# Records to use
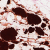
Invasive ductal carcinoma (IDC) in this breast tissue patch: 0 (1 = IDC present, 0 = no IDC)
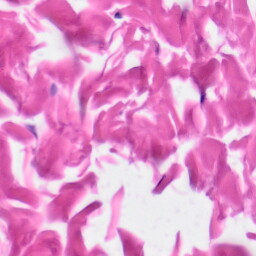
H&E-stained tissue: Skin
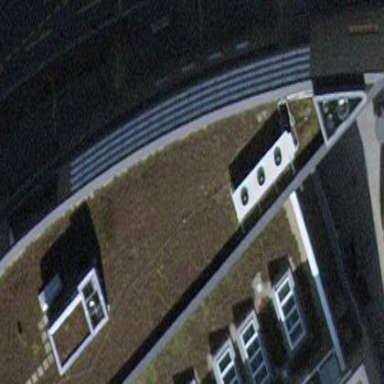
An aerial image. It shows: Commercial building.
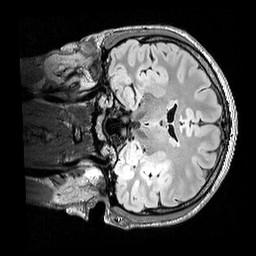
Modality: FLAIR
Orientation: coronal
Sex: male
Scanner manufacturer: siemens
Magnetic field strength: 3 T
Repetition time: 5 s
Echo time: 0.395 s
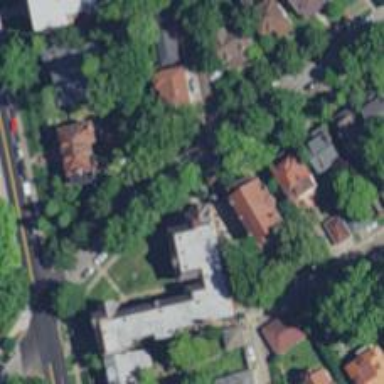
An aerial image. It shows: Alley classified as service road.
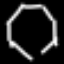
Label: octagon
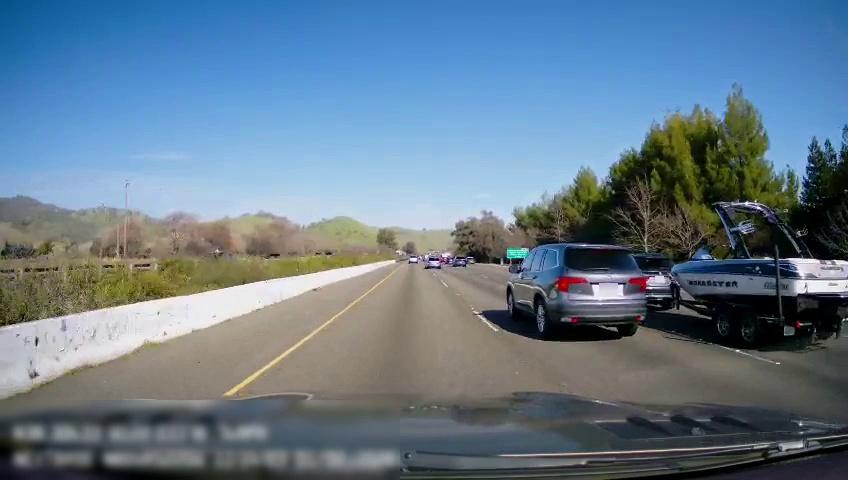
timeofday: Day
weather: Sunny
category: Drivable Space
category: Vehicles | Car
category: Vehicles | SUV
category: Vehicles | Truck
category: Vehicles | Car
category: Vehicles | SUV
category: Vehicles | SUV
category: Vehicles | Other LV
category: Vehicles | SUV
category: Vehicles | SUV
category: Lanes | Current Lane
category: Lanes | Current Lane
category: Lanes | Alternate Lane
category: Traffic | Signs
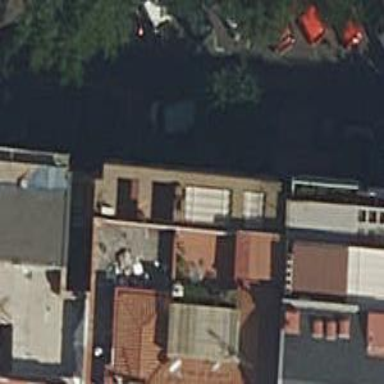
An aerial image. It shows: Restaurant.
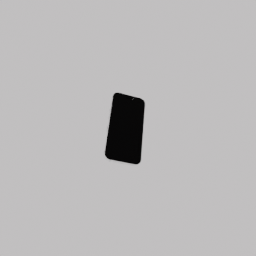
Label: electronics
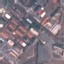
Label: Industrial
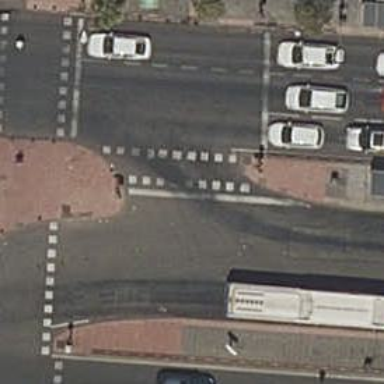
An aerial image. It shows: Crossing with traffic signals.
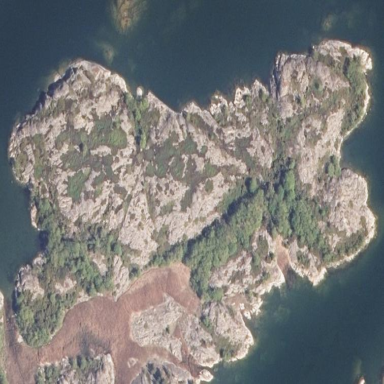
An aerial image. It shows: Islet located along the natural coastline.
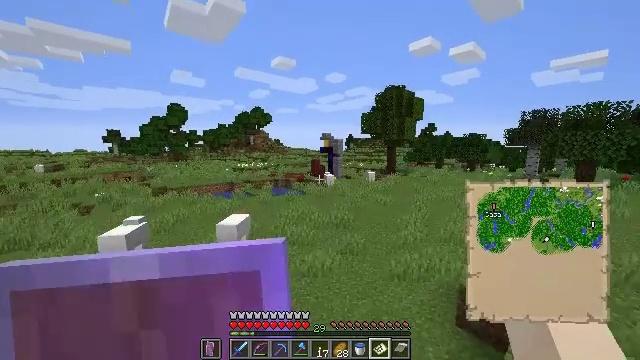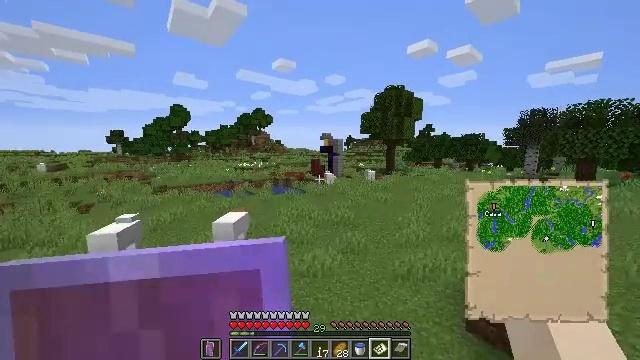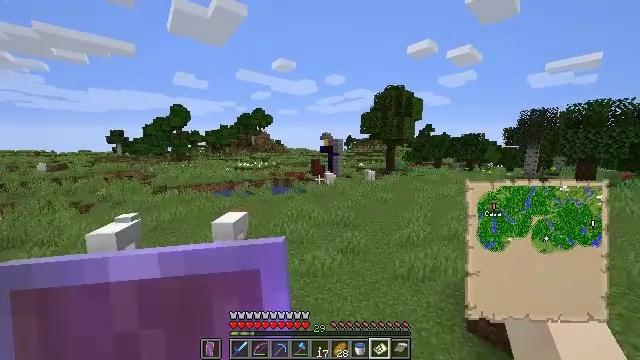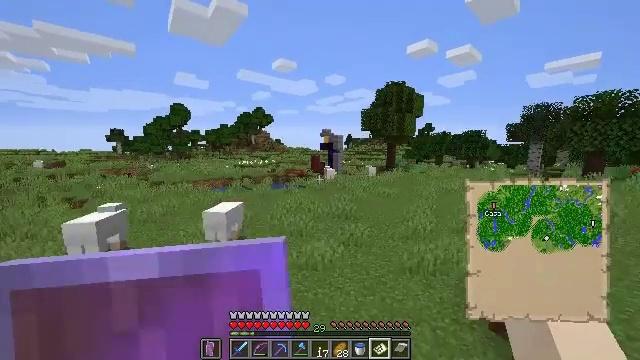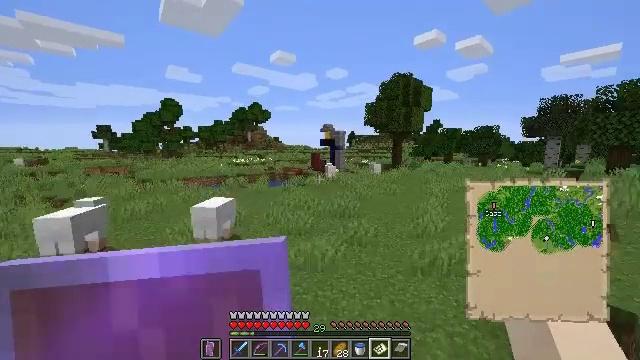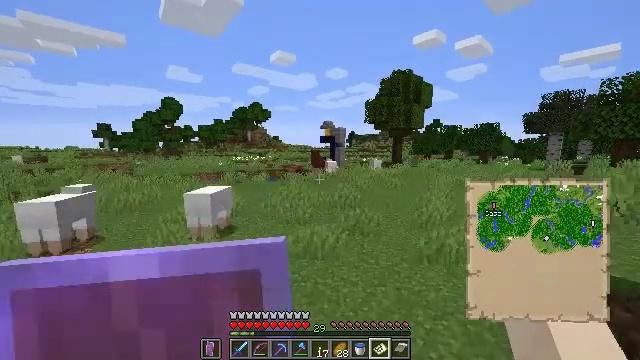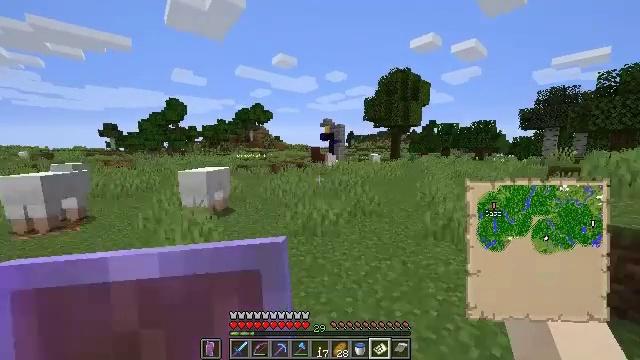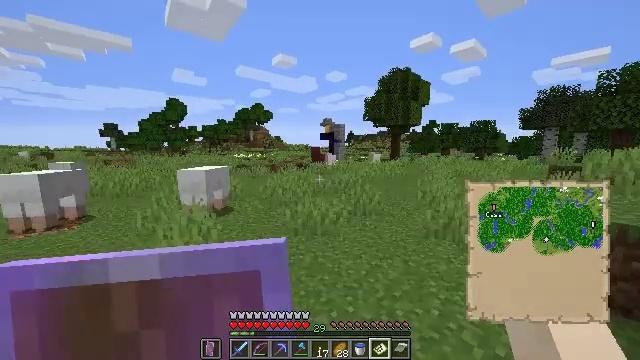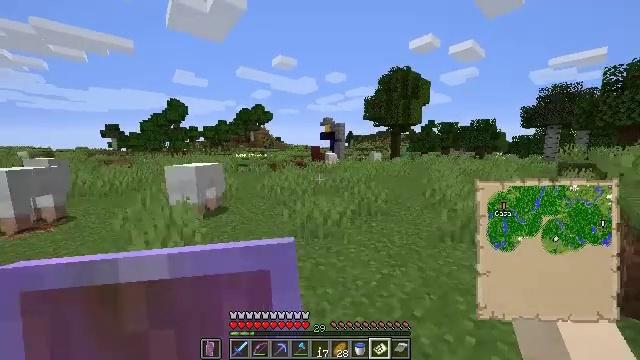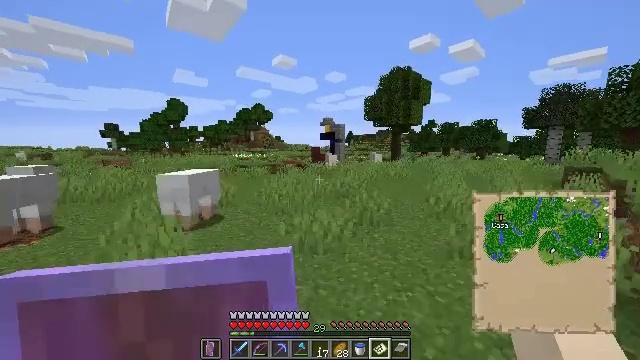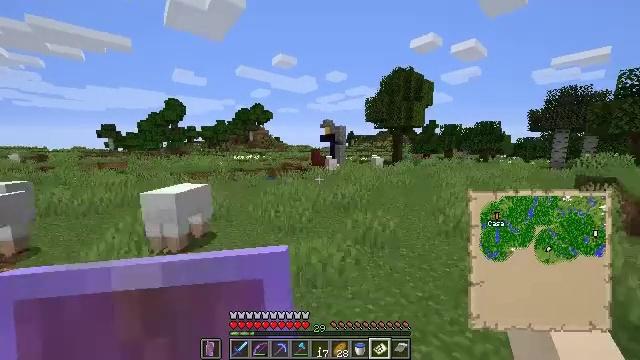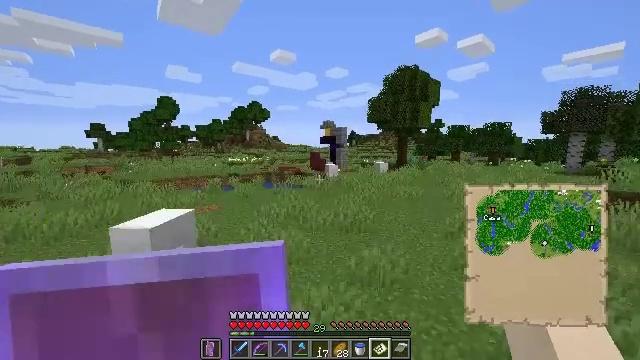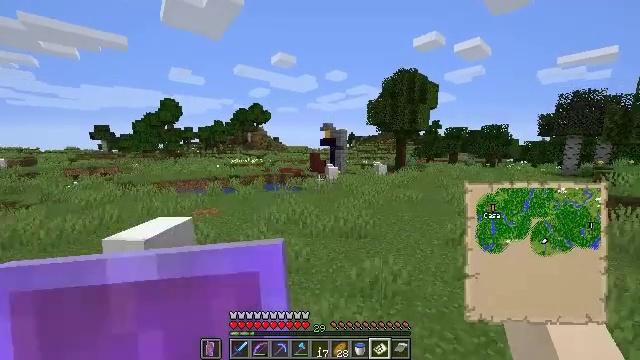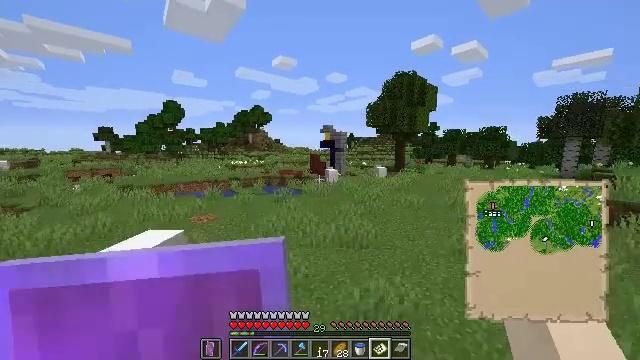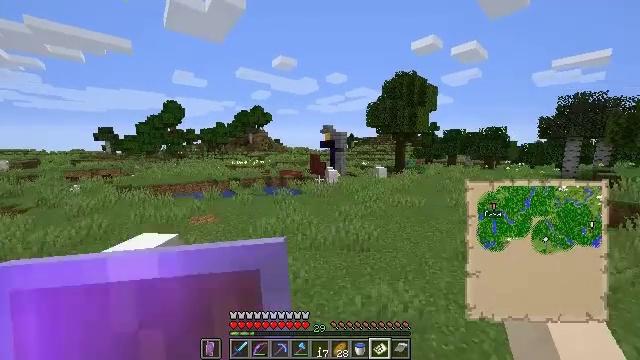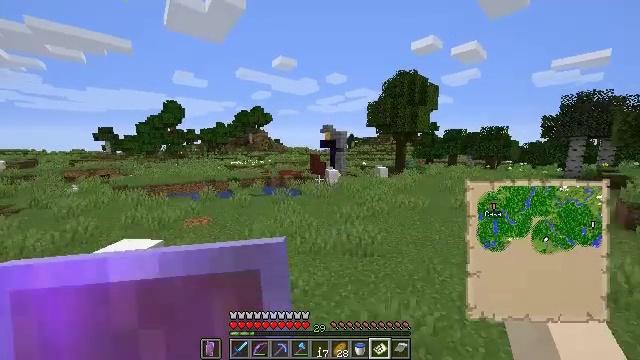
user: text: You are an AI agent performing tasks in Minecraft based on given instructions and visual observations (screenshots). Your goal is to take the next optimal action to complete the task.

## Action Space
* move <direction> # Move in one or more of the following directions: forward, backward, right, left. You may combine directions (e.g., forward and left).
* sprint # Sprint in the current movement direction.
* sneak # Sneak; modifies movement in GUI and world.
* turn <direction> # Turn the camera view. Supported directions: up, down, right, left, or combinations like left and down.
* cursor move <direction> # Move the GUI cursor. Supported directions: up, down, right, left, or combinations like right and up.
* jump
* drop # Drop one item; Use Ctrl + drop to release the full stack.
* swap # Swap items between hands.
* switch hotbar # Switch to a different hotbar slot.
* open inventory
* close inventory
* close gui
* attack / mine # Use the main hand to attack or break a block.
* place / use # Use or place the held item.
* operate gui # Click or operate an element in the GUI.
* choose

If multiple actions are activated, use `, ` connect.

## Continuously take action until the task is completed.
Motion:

# Exercise description
Print each of the records above exactly as written, leaving no picture in the copy.

# Result of the exercise
Invasive ductal carcinoma (IDC) in this breast tissue patch: 0 (1 = IDC present, 0 = no IDC)
H&E-stained tissue: Skin
An aerial image. It shows: Commercial building.
Modality: FLAIR
Orientation: coronal
Sex: male
Scanner manufacturer: siemens
Magnetic field strength: 3 T
Repetition time: 5 s
Echo time: 0.395 s
An aerial image. It shows: Alley classified as service road.
Label: octagon
timeofday: Day
weather: Sunny
category: Drivable Space
category: Vehicles | Car
category: Vehicles | SUV
category: Vehicles | Truck
category: Vehicles | Car
category: Vehicles | SUV
category: Vehicles | SUV
category: Vehicles | Other LV
category: Vehicles | SUV
category: Vehicles | SUV
category: Lanes | Current Lane
category: Lanes | Current Lane
category: Lanes | Alternate Lane
category: Traffic | Signs
An aerial image. It shows: Restaurant.
Label: electronics
Label: Industrial
An aerial image. It shows: Crossing with traffic signals.
An aerial image. It shows: Islet located along the natural coastline.
user: text: You are an AI agent performing tasks in Minecraft based on given instructions and visual observations (screenshots). Your goal is to take the next optimal action to complete the task.

## Action Space
* move <direction> # Move in one or more of the following directions: forward, backward, right, left. You may combine directions (e.g., forward and left).
* sprint # Sprint in the current movement direction.
* sneak # Sneak; modifies movement in GUI and world.
* turn <direction> # Turn the camera view. Supported directions: up, down, right, left, or combinations like left and down.
* cursor move <direction> # Move the GUI cursor. Supported directions: up, down, right, left, or combinations like right and up.
* jump
* drop # Drop one item; Use Ctrl + drop to release the full stack.
* swap # Swap items between hands.
* switch hotbar # Switch to a different hotbar slot.
* open inventory
* close inventory
* close gui
* attack / mine # Use the main hand to attack or break a block.
* place / use # Use or place the held item.
* operate gui # Click or operate an element in the GUI.
* choose

If multiple actions are activated, use `, ` connect.

## Continuously take action until the task is completed.
Motion:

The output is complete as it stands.